Zitternd, und voller Angst sitz ich in der Ecke, mache mich ganz klein, er darf mich nur nicht sehen. Ich drücke die Hand meines Zwillingsbruders ganz doll, zu doll, es tut ihm sicher weh. Doch er sagt nichts, lässt mich nicht los und lässt mich nicht allein.
Er will mich beschützen, doch kann er es nicht, er ist doch noch viel zu klein, grade mal vier Jahre alt, und doch schon so groß, so traurig. Er kannn nix machen, genau wie ich. Ich muss weinen, er sieht mich an, “nicht weinen!”, sagt er und doch laufen ihm selbst die Tränen übers Gesicht. Er kann nix machen, hilflos, machtlos, zu klein!
Die Tür geht auf, er ist da, er ist zu Hause. Ich hab Angst und drücke die Hand noch fester. Ich darf nur nicht zu doll drücken, es tut ihm doch sicher weh. Da lasse ich etwas locker.
Ich denke immer: “Bitte, bitte nicht, bitte nein...”. Doch es ist sinnlos, es wird passieren, so wie es immer passieren wird, jeden Tag, jetzt ist er da. Gleich kommt er zu mir! Oh bitte nicht! Aber er kommt doch: “ Hier seid ihr ja!”, lächelt erund ich hab Angst! “Komm mein Engelchen, komm her zu mir!” Hab solche Angst! Er hebt mich hoch, hebt mich einfach so hoch, ich will das doch nicht. Ich lass meinenBruder einfach nicht los und klammere mich ganz fest an ihn. Oh, Bitte nicht loslassen, lass mich nicht allein. Er kann sie hören, meine Gedanken, ich weiß es genau, und er lässt nicht los, seine kleinen Hände umklammern meine ganz, ganz fest. Nicht loslassen! Doch wir sind zu schwach, unsere Hände werden getrennt, ich will wieder nach ihnen greifen, aber es ist zu spät.

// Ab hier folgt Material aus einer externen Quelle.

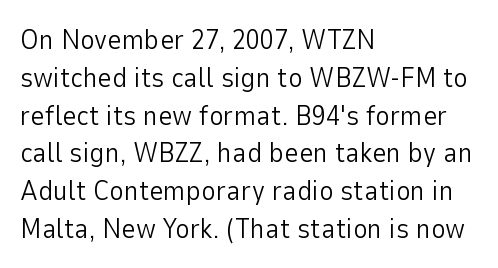
Q: Is the text bold? A: No.
Q: Is the text italic (slanted)? A: No, it is upright.
Q: Is the typeface a serif or a sans-serif typeface? A: Sans-serif.
Q: Is the text underlined? A: No.
Q: How is the paragraph aligned? A: Left-aligned.
Q: Is the spacing between letters normal or unusually wide? A: Normal.
Q: Is the spacing between lines tight, normal or loose? A: Normal.
Q: Width (condensed, normal, or wide)? A: Normal.
Q: Stroke contrast? A: Low.
Q: x-height? A: Medium.
Q: Monospaced? A: No.

Ich weine, schreie, kreische. Ich will nicht! Er weint auch, guckt mir nach, uns nach. Er zittert, er weint, er schreit nach mir. Was sagt er? Ich verstehe es nicht, ich höre seine Worte nicht mehr, er bewegt doch seine Lippen, warum höre ich seine Worte nicht? Was sagt er, ich will wissen was er sagt! Jetzt sehe ihn nicht mehr, die Tür geht zu, hinter mir, hinter uns. Jetzt sind wir im Schlafzimmer. Ich will nicht! Bitte! Ich hab Angst! Er lächelt. Freut sich, es macht ihm Spaß. “Nicht weinen, Engel!”, sagt er. “Bin doch bei dir, bin doch lieb zu dir, sei du doch auch lieb zu mir!” Ich kann nichts machen, kann mich nicht wehren.

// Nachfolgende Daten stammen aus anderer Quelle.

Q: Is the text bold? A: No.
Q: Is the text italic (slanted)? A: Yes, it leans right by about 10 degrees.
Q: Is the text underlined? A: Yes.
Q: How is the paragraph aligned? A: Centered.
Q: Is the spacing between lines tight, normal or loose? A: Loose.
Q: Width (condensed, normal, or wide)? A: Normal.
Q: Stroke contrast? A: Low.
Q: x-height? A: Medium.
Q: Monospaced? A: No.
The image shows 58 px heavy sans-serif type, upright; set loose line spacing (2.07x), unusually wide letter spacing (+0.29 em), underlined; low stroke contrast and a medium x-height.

Er streichelt mich, das will ich nicht, nicht an diesen Stellen, warum streichelt er mich da? “Nein!”, flüstere ich immer und immer wieder. Ich kann nix machen, Ich bin zu klein und muss lieb sein, ein Engel sein. Er küsst mich, überall, ich will das nicht, nicht da. Ich weine. Warum da? Warum an diesen Stellen? Jetzt muß ich ihn auch küssen. Warum? Ich will das nicht! Ich will daß das aufhört, aber ich muss ihn küssen, überall! Komm, sei mein Engelchen, sei lieb zu mir! Ich muß lieb sein, muß sein Engel sein, Er hat mich doch lieb, oder?
Jetzt legt er sich auf mich, er ist so schwer. Ich kriege keine Luft. Gleich passierts wieder, und es tut doch so schrecklich weh, nein, ich will das nicht. Es tut so schrecklich weh. Ihm macht es Spaß, er mag es und es gefällt ihm. Er küsst mich, immer und immer wieder und es geht auf und ab, immer auf und ab.

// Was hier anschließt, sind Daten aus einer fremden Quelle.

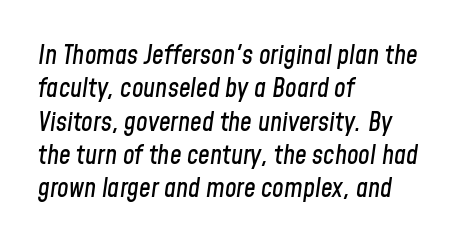
The image shows 26 px text type, italic (leaning right); set left-aligned, normal line spacing (1.28x), normal letter spacing, not underlined.
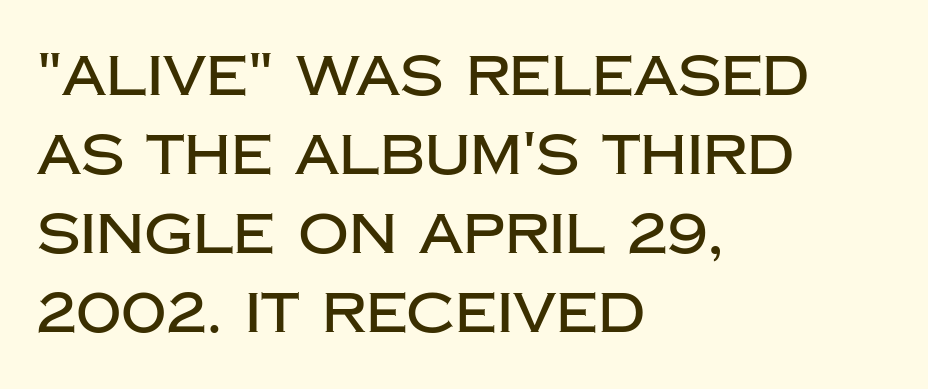
The image shows 56 px sans-serif type, upright; set left-aligned, normal line spacing (1.41x), normal letter spacing, not underlined; low stroke contrast and a large x-height.
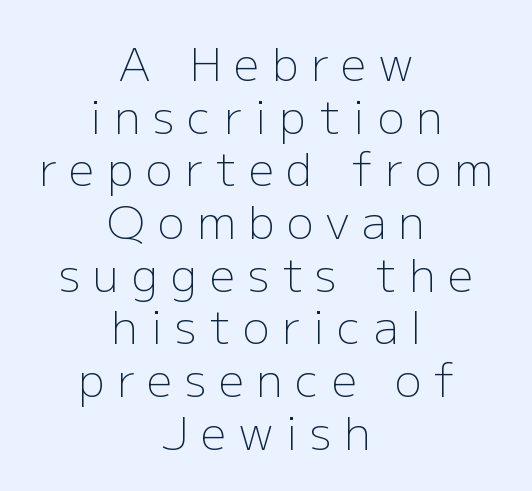
Q: Is the text bold? A: No.
Q: Is the text italic (slanted)? A: No, it is upright.
Q: Is the typeface a serif or a sans-serif typeface? A: Sans-serif.
Q: Is the text underlined? A: No.
Q: How is the paragraph aligned? A: Centered.
Q: Is the spacing between letters normal or unusually wide? A: Unusually wide.
Q: Width (condensed, normal, or wide)? A: Normal.
Q: Stroke contrast? A: Low.
Q: x-height? A: Medium.
Q: Monospaced? A: No.

Er macht so komische Geräusche, es tut so weh, so als ob mich etwas zerreißt. Es wird immer doller, immer schneller. Hoffentlich ist es bald wieder vorbei. Am liebsten würde ich schlafen, für immer. Nie wieder aufwachen. Es würde nie wieder weh tun und ich müßte keine Angst mehr haben. Er ist glücklich, er ist froh. Ihm macht es Spaßund ich muss lieb sein!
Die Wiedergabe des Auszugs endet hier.